▸ Exercise input
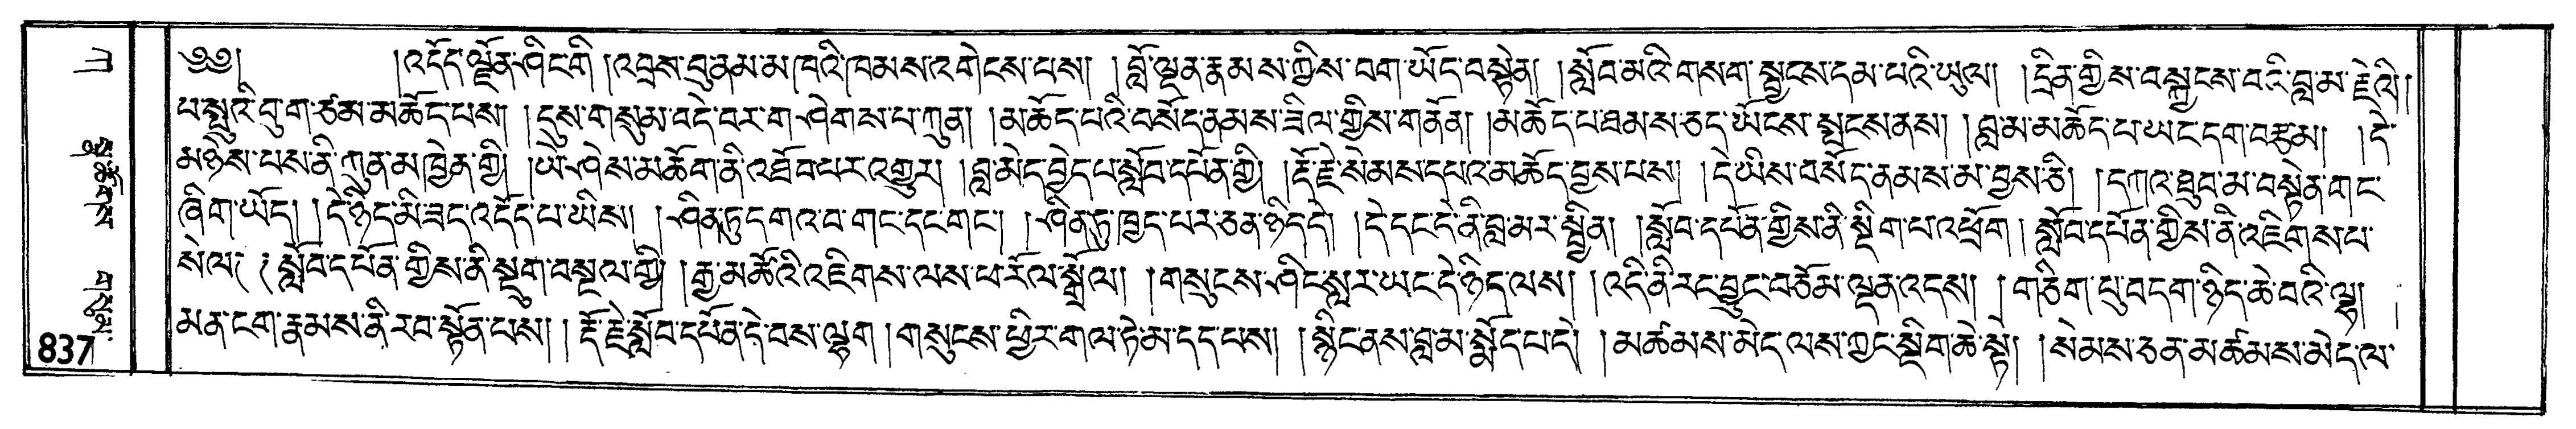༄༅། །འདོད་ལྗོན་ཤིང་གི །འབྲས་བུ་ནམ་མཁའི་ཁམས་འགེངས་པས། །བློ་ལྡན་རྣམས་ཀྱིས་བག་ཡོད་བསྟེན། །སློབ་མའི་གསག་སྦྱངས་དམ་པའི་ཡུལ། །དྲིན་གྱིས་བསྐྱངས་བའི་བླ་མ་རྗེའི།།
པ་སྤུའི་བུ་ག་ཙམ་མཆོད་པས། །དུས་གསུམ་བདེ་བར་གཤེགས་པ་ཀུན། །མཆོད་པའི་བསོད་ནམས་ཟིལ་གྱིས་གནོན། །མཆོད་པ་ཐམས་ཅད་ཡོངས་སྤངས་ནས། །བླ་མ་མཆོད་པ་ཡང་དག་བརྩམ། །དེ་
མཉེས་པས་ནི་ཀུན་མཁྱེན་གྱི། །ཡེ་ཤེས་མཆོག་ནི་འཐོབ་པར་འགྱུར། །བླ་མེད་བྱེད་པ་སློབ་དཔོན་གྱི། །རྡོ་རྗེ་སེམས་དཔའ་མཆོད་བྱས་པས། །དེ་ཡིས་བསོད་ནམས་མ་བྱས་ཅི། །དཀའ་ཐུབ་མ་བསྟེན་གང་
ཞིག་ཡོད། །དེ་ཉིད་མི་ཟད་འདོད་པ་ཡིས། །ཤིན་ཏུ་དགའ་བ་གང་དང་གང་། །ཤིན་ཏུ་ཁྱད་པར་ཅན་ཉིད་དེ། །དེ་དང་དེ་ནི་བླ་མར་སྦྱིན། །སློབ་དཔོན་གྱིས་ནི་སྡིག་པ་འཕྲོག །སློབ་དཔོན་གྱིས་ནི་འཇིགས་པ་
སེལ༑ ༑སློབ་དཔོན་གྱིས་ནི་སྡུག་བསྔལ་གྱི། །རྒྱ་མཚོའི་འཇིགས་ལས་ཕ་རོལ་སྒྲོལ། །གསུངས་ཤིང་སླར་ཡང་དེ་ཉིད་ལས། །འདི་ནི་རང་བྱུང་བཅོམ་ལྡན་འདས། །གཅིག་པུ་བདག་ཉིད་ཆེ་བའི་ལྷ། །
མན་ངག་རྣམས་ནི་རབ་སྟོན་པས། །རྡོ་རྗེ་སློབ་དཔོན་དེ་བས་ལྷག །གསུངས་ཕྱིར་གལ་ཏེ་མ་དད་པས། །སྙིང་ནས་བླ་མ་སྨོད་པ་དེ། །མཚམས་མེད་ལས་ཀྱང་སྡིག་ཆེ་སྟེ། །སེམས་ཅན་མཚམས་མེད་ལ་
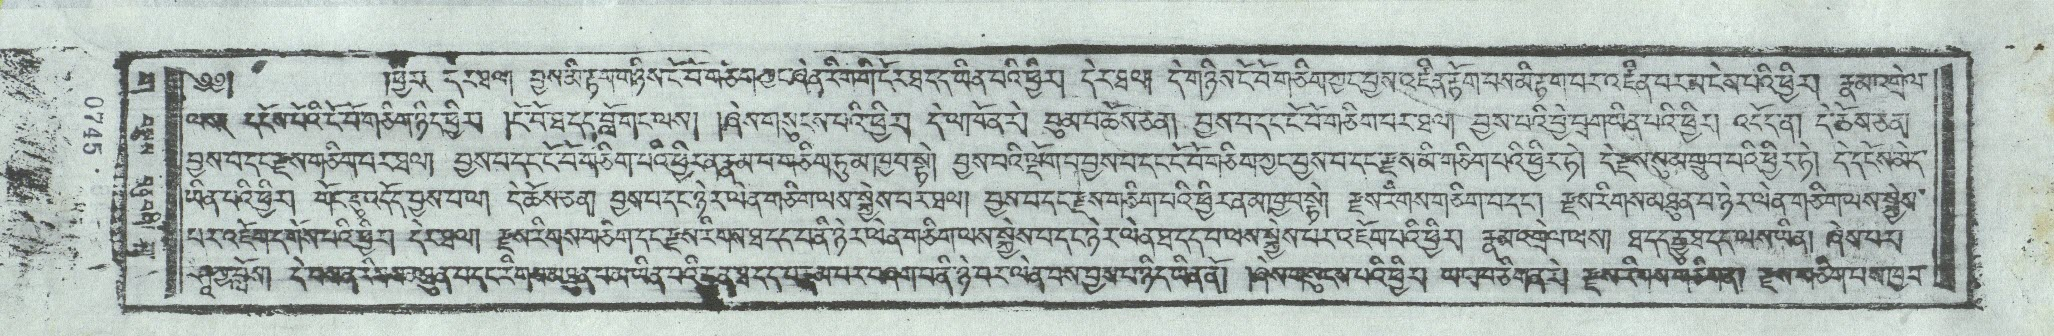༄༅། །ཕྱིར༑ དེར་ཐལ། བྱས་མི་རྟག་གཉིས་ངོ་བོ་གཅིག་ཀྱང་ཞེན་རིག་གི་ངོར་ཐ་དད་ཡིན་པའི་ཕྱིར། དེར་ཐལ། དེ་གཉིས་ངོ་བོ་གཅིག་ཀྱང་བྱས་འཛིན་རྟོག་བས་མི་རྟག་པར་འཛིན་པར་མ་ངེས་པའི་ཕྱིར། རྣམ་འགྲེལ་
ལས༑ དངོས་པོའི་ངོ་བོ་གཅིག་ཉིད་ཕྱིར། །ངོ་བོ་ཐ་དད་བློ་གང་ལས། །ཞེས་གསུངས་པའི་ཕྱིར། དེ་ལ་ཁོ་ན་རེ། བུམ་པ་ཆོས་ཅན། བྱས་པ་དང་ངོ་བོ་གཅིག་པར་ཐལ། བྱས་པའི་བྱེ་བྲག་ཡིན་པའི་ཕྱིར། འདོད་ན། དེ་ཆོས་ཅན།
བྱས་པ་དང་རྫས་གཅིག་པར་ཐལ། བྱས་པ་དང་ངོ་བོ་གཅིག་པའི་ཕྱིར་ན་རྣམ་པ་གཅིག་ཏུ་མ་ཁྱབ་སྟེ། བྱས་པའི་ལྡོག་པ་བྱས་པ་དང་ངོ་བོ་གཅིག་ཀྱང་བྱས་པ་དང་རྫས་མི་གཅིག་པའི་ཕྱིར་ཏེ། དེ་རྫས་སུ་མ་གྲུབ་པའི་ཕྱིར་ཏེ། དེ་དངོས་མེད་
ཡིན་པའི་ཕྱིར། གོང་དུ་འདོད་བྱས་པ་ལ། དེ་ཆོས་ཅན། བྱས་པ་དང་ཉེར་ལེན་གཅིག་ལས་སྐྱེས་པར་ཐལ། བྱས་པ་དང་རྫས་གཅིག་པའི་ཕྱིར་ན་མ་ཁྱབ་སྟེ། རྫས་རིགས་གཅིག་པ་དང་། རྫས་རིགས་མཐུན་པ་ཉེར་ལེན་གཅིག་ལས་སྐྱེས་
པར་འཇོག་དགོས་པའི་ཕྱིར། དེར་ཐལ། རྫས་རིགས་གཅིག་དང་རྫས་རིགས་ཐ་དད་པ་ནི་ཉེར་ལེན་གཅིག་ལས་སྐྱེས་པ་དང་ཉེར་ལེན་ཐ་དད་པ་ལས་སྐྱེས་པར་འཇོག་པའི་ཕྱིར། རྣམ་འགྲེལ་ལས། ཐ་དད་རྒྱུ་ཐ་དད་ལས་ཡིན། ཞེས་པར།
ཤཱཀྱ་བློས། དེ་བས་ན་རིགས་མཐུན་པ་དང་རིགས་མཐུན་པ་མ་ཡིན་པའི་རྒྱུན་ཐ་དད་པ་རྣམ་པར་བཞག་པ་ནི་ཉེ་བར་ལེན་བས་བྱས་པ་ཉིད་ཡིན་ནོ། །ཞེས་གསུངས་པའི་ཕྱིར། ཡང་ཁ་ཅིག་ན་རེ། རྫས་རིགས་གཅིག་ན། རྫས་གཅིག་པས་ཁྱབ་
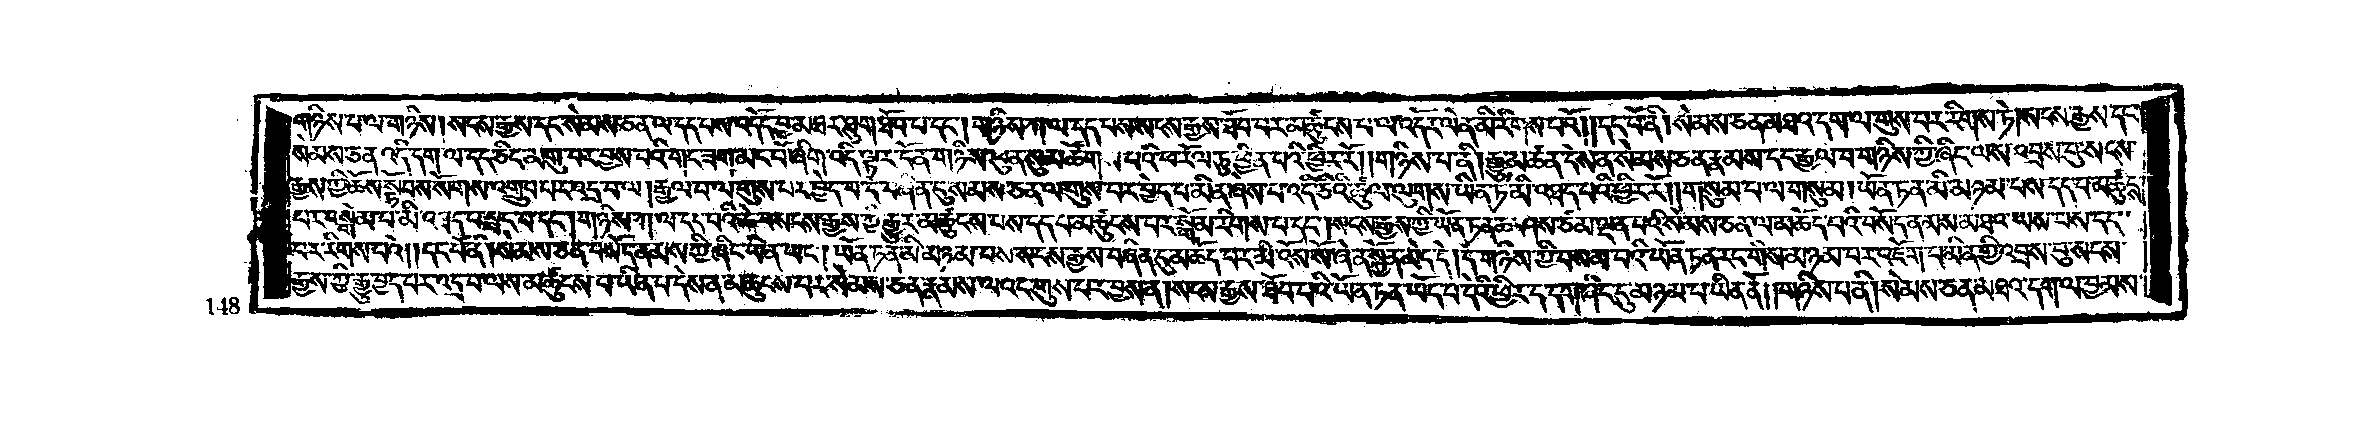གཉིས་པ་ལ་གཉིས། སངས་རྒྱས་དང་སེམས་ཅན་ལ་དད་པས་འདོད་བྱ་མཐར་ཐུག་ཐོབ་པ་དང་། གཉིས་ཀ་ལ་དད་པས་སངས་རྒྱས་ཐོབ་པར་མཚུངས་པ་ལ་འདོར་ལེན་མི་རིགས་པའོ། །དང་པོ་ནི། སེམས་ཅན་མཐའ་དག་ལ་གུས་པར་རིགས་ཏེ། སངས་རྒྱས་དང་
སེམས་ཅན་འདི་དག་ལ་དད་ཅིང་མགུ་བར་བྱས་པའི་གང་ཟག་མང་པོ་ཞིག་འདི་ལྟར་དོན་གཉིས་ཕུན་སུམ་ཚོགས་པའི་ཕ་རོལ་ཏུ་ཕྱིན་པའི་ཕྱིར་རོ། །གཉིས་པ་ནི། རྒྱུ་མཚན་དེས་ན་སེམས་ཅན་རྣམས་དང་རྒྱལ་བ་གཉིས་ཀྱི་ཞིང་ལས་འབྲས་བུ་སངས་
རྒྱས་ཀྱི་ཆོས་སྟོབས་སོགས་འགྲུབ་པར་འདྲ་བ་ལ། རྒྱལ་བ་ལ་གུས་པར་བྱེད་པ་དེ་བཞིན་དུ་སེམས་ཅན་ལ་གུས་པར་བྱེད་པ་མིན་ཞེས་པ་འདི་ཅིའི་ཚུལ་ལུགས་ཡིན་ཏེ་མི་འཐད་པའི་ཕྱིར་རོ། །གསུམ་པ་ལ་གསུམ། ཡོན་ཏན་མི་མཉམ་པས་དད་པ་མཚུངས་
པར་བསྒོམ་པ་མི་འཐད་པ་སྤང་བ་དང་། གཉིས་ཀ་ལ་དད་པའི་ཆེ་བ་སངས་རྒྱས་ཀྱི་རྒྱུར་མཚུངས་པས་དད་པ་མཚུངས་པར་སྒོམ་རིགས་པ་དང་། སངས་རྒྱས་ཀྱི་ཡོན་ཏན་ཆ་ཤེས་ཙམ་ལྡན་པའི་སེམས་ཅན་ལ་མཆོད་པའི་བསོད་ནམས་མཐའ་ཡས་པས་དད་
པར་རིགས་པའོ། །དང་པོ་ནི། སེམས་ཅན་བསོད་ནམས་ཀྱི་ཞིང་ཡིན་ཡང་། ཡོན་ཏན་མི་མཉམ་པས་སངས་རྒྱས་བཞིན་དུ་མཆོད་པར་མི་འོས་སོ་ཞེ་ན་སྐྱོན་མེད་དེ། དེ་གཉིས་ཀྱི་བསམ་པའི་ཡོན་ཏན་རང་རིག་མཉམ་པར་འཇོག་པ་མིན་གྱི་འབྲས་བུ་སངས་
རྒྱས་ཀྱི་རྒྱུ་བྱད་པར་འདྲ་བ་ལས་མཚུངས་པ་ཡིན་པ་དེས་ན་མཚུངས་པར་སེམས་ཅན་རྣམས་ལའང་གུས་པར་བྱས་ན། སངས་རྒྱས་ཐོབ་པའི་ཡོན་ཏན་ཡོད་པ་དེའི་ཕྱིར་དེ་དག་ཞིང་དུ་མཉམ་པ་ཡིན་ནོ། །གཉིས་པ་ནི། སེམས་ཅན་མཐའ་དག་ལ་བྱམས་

▸ Required work
Print only what lies in the material above starting at the line with "ལས༑ དངོས་པོའི་ངོ་བོ་གཅིག་ཉིད་ཕྱིར། །ངོ་བོ་ཐ་དད་བློ་གང་ལས།" and ending at the line with "ཡིན་པའི་ཕྱིར། གོང་དུ་འདོད་བྱས་པ་ལ། དེ་ཆོས་ཅན།", every line exactly as given.

▸ Worked solution
ལས༑ དངོས་པོའི་ངོ་བོ་གཅིག་ཉིད་ཕྱིར། །ངོ་བོ་ཐ་དད་བློ་གང་ལས། །ཞེས་གསུངས་པའི་ཕྱིར། དེ་ལ་ཁོ་ན་རེ། བུམ་པ་ཆོས་ཅན། བྱས་པ་དང་ངོ་བོ་གཅིག་པར་ཐལ། བྱས་པའི་བྱེ་བྲག་ཡིན་པའི་ཕྱིར། འདོད་ན། དེ་ཆོས་ཅན།
བྱས་པ་དང་རྫས་གཅིག་པར་ཐལ། བྱས་པ་དང་ངོ་བོ་གཅིག་པའི་ཕྱིར་ན་རྣམ་པ་གཅིག་ཏུ་མ་ཁྱབ་སྟེ། བྱས་པའི་ལྡོག་པ་བྱས་པ་དང་ངོ་བོ་གཅིག་ཀྱང་བྱས་པ་དང་རྫས་མི་གཅིག་པའི་ཕྱིར་ཏེ། དེ་རྫས་སུ་མ་གྲུབ་པའི་ཕྱིར་ཏེ། དེ་དངོས་མེད་
ཡིན་པའི་ཕྱིར། གོང་དུ་འདོད་བྱས་པ་ལ། དེ་ཆོས་ཅན། བྱས་པ་དང་ཉེར་ལེན་གཅིག་ལས་སྐྱེས་པར་ཐལ། བྱས་པ་དང་རྫས་གཅིག་པའི་ཕྱིར་ན་མ་ཁྱབ་སྟེ། རྫས་རིགས་གཅིག་པ་དང་། རྫས་རིགས་མཐུན་པ་ཉེར་ལེན་གཅིག་ལས་སྐྱེས་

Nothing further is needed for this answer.